Every line below that holds the word "model" must be listed.
**** Given entries ****
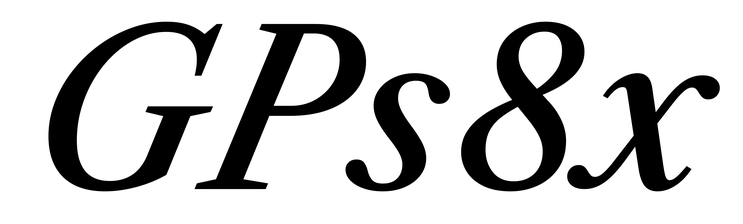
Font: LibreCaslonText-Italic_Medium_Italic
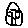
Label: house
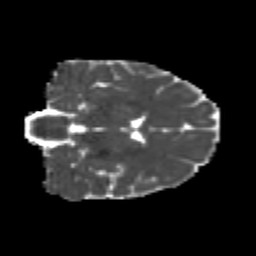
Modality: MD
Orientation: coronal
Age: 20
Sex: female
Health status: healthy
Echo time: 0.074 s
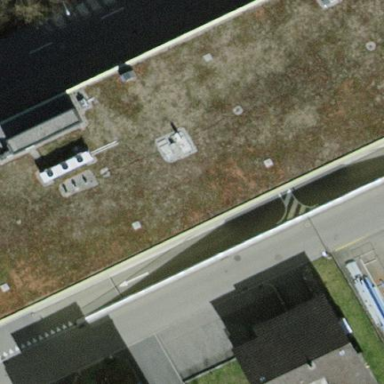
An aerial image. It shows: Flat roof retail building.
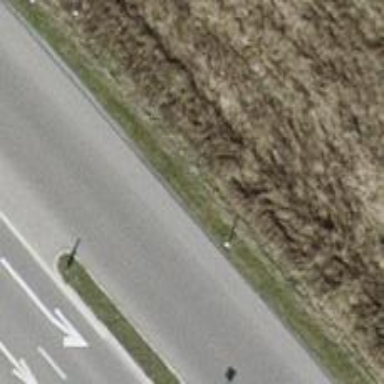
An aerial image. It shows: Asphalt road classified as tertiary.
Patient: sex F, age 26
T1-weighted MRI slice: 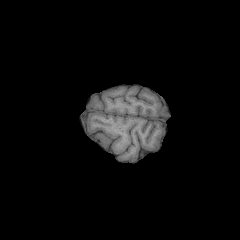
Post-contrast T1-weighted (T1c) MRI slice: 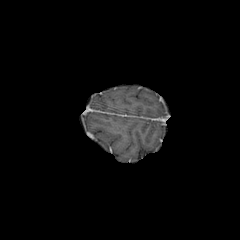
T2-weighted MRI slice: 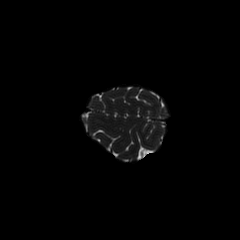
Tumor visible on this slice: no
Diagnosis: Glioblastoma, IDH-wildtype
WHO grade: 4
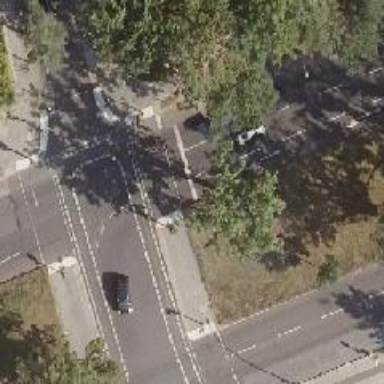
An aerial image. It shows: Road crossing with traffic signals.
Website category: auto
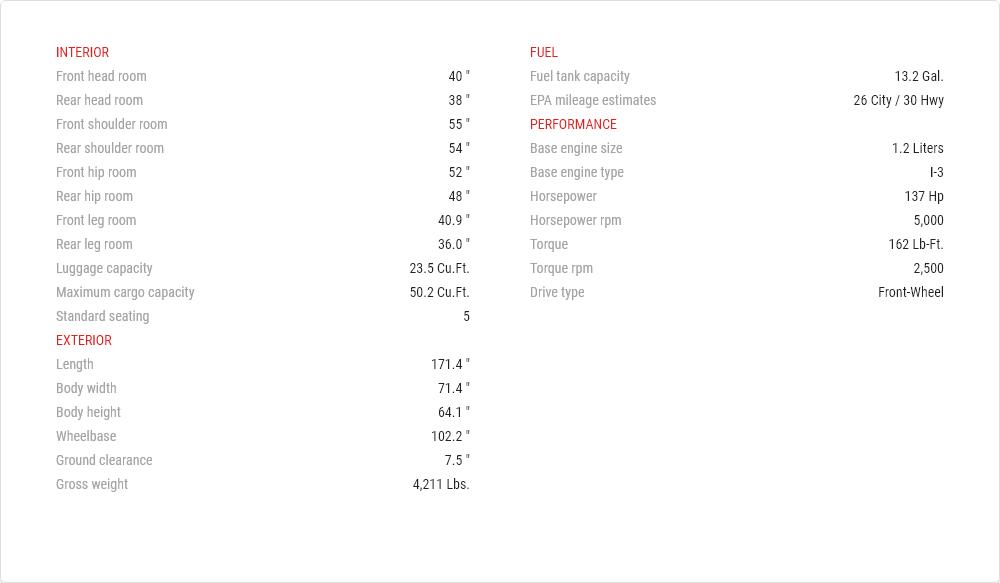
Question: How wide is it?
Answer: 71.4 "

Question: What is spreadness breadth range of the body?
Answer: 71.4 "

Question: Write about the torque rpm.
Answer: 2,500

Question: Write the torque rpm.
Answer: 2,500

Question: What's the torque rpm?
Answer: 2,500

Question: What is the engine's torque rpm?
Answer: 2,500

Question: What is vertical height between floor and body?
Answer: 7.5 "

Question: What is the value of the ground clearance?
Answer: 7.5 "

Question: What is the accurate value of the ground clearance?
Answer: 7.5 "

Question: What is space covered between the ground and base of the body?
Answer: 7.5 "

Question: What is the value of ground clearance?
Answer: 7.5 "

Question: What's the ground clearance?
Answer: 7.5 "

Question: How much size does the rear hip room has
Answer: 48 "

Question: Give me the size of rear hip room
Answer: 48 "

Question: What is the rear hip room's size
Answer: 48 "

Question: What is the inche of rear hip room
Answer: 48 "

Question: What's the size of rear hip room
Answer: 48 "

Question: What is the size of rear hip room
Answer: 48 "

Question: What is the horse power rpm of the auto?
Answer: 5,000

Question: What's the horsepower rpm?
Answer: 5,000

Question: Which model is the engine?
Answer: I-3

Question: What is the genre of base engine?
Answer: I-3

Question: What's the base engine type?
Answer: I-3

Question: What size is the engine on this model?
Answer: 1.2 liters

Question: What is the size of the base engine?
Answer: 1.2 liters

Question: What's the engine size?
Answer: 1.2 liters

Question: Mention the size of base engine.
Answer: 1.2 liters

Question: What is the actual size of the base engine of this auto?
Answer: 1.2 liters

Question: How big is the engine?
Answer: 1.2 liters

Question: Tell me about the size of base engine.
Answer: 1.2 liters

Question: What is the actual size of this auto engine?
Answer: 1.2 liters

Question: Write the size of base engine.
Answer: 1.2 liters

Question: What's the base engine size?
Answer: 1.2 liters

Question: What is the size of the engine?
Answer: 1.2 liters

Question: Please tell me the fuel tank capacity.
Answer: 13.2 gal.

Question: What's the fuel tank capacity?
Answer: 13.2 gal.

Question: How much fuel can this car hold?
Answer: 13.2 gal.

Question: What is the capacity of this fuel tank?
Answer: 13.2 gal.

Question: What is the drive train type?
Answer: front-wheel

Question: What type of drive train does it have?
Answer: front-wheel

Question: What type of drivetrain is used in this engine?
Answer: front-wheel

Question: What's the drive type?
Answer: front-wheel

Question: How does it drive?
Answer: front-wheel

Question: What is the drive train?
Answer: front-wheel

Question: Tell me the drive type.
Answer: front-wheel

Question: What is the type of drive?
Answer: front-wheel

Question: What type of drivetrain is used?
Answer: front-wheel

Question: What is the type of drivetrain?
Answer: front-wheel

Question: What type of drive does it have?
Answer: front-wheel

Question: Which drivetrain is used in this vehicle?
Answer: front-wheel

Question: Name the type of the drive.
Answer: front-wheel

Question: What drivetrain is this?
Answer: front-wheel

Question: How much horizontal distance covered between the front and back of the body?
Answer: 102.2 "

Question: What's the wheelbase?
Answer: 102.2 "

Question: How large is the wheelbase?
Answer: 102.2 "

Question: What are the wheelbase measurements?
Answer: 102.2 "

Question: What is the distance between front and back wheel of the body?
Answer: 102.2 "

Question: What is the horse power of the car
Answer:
****
**** Given entries ****
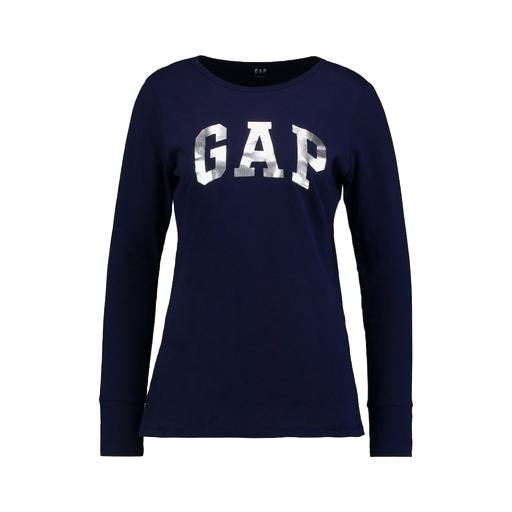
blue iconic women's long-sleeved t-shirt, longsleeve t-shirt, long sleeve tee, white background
****
### Your solution
Question: Which model is the engine?
Question: What size is the engine on this model?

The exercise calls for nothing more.